Exercise brief
Copy the whole listing verbatim.

Records for this task
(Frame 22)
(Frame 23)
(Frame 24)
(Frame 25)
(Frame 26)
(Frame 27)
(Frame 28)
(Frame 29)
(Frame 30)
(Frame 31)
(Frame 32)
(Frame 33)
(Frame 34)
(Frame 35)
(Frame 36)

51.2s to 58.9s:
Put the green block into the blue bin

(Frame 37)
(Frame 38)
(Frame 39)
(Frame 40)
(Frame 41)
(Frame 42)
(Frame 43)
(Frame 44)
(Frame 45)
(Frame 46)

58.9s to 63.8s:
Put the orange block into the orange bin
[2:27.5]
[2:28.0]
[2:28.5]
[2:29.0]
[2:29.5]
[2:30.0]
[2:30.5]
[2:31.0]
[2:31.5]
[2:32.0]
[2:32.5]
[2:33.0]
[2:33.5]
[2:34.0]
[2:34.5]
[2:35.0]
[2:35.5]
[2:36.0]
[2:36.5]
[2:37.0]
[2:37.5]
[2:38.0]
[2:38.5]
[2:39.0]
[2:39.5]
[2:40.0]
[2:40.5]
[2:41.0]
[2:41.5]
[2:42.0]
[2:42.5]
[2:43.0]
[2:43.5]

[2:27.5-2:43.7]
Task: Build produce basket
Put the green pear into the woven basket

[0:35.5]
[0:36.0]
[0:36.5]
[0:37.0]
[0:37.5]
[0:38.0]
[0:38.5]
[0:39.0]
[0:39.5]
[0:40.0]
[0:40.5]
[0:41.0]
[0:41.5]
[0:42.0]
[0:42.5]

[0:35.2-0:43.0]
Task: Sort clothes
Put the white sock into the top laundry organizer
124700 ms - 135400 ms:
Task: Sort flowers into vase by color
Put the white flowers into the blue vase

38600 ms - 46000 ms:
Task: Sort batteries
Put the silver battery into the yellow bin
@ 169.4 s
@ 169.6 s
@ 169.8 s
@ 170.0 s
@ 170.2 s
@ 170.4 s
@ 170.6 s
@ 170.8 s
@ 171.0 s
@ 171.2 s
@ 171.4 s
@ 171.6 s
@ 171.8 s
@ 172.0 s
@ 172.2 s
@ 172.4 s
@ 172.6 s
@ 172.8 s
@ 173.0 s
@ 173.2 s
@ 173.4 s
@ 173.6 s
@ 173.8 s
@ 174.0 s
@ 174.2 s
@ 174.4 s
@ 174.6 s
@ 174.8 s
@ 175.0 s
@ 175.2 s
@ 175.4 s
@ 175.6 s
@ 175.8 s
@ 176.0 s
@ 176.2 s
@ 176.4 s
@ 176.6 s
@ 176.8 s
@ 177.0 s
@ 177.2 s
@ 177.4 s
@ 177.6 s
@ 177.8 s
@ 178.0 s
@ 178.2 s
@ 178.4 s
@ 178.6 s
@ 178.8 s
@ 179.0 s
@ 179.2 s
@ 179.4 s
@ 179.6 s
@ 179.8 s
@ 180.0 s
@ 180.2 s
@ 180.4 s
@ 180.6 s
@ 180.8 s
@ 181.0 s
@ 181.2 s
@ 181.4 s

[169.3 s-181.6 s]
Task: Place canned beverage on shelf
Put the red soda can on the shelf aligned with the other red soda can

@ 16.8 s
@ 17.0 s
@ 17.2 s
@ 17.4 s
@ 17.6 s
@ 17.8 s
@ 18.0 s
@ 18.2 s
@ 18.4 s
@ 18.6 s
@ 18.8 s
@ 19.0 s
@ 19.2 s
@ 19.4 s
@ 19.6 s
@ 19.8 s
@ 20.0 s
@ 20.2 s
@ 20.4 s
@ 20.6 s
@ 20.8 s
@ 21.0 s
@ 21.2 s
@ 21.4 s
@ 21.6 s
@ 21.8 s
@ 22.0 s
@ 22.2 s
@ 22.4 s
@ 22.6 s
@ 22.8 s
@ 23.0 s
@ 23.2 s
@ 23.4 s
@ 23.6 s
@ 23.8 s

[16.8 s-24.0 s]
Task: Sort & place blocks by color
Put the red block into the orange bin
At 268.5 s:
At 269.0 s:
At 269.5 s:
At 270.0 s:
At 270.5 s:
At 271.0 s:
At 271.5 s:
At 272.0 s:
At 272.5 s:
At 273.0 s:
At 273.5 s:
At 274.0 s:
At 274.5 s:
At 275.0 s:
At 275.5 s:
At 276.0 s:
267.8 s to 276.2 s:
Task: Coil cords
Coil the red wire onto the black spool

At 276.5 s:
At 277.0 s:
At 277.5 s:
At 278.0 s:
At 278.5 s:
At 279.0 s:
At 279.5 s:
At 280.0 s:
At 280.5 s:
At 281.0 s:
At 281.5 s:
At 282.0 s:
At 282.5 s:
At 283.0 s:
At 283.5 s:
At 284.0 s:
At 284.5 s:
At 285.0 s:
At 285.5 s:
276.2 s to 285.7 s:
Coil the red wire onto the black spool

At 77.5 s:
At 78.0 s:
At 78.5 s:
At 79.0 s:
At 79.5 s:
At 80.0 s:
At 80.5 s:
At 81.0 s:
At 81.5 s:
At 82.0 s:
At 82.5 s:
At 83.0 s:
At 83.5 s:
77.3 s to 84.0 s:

Solution to this task
(Frame 22)
(Frame 23)
(Frame 24)
(Frame 25)
(Frame 26)
(Frame 27)
(Frame 28)
(Frame 29)
(Frame 30)
(Frame 31)
(Frame 32)
(Frame 33)
(Frame 34)
(Frame 35)
(Frame 36)

51.2s to 58.9s:
Put the green block into the blue bin

(Frame 37)
(Frame 38)
(Frame 39)
(Frame 40)
(Frame 41)
(Frame 42)
(Frame 43)
(Frame 44)
(Frame 45)
(Frame 46)

58.9s to 63.8s:
Put the orange block into the orange bin
[2:27.5]
[2:28.0]
[2:28.5]
[2:29.0]
[2:29.5]
[2:30.0]
[2:30.5]
[2:31.0]
[2:31.5]
[2:32.0]
[2:32.5]
[2:33.0]
[2:33.5]
[2:34.0]
[2:34.5]
[2:35.0]
[2:35.5]
[2:36.0]
[2:36.5]
[2:37.0]
[2:37.5]
[2:38.0]
[2:38.5]
[2:39.0]
[2:39.5]
[2:40.0]
[2:40.5]
[2:41.0]
[2:41.5]
[2:42.0]
[2:42.5]
[2:43.0]
[2:43.5]

[2:27.5-2:43.7]
Task: Build produce basket
Put the green pear into the woven basket

[0:35.5]
[0:36.0]
[0:36.5]
[0:37.0]
[0:37.5]
[0:38.0]
[0:38.5]
[0:39.0]
[0:39.5]
[0:40.0]
[0:40.5]
[0:41.0]
[0:41.5]
[0:42.0]
[0:42.5]

[0:35.2-0:43.0]
Task: Sort clothes
Put the white sock into the top laundry organizer
124700 ms - 135400 ms:
Task: Sort flowers into vase by color
Put the white flowers into the blue vase

38600 ms - 46000 ms:
Task: Sort batteries
Put the silver battery into the yellow bin
@ 169.4 s
@ 169.6 s
@ 169.8 s
@ 170.0 s
@ 170.2 s
@ 170.4 s
@ 170.6 s
@ 170.8 s
@ 171.0 s
@ 171.2 s
@ 171.4 s
@ 171.6 s
@ 171.8 s
@ 172.0 s
@ 172.2 s
@ 172.4 s
@ 172.6 s
@ 172.8 s
@ 173.0 s
@ 173.2 s
@ 173.4 s
@ 173.6 s
@ 173.8 s
@ 174.0 s
@ 174.2 s
@ 174.4 s
@ 174.6 s
@ 174.8 s
@ 175.0 s
@ 175.2 s
@ 175.4 s
@ 175.6 s
@ 175.8 s
@ 176.0 s
@ 176.2 s
@ 176.4 s
@ 176.6 s
@ 176.8 s
@ 177.0 s
@ 177.2 s
@ 177.4 s
@ 177.6 s
@ 177.8 s
@ 178.0 s
@ 178.2 s
@ 178.4 s
@ 178.6 s
@ 178.8 s
@ 179.0 s
@ 179.2 s
@ 179.4 s
@ 179.6 s
@ 179.8 s
@ 180.0 s
@ 180.2 s
@ 180.4 s
@ 180.6 s
@ 180.8 s
@ 181.0 s
@ 181.2 s
@ 181.4 s

[169.3 s-181.6 s]
Task: Place canned beverage on shelf
Put the red soda can on the shelf aligned with the other red soda can

@ 16.8 s
@ 17.0 s
@ 17.2 s
@ 17.4 s
@ 17.6 s
@ 17.8 s
@ 18.0 s
@ 18.2 s
@ 18.4 s
@ 18.6 s
@ 18.8 s
@ 19.0 s
@ 19.2 s
@ 19.4 s
@ 19.6 s
@ 19.8 s
@ 20.0 s
@ 20.2 s
@ 20.4 s
@ 20.6 s
@ 20.8 s
@ 21.0 s
@ 21.2 s
@ 21.4 s
@ 21.6 s
@ 21.8 s
@ 22.0 s
@ 22.2 s
@ 22.4 s
@ 22.6 s
@ 22.8 s
@ 23.0 s
@ 23.2 s
@ 23.4 s
@ 23.6 s
@ 23.8 s

[16.8 s-24.0 s]
Task: Sort & place blocks by color
Put the red block into the orange bin
At 268.5 s:
At 269.0 s:
At 269.5 s:
At 270.0 s:
At 270.5 s:
At 271.0 s:
At 271.5 s:
At 272.0 s:
At 272.5 s:
At 273.0 s:
At 273.5 s:
At 274.0 s:
At 274.5 s:
At 275.0 s:
At 275.5 s:
At 276.0 s:
267.8 s to 276.2 s:
Task: Coil cords
Coil the red wire onto the black spool

At 276.5 s:
At 277.0 s:
At 277.5 s:
At 278.0 s:
At 278.5 s:
At 279.0 s:
At 279.5 s:
At 280.0 s:
At 280.5 s:
At 281.0 s:
At 281.5 s:
At 282.0 s:
At 282.5 s:
At 283.0 s:
At 283.5 s:
At 284.0 s:
At 284.5 s:
At 285.0 s:
At 285.5 s:
276.2 s to 285.7 s:
Coil the red wire onto the black spool

At 77.5 s:
At 78.0 s:
At 78.5 s:
At 79.0 s:
At 79.5 s:
At 80.0 s:
At 80.5 s:
At 81.0 s:
At 81.5 s:
At 82.0 s:
At 82.5 s:
At 83.0 s:
At 83.5 s:
77.3 s to 84.0 s:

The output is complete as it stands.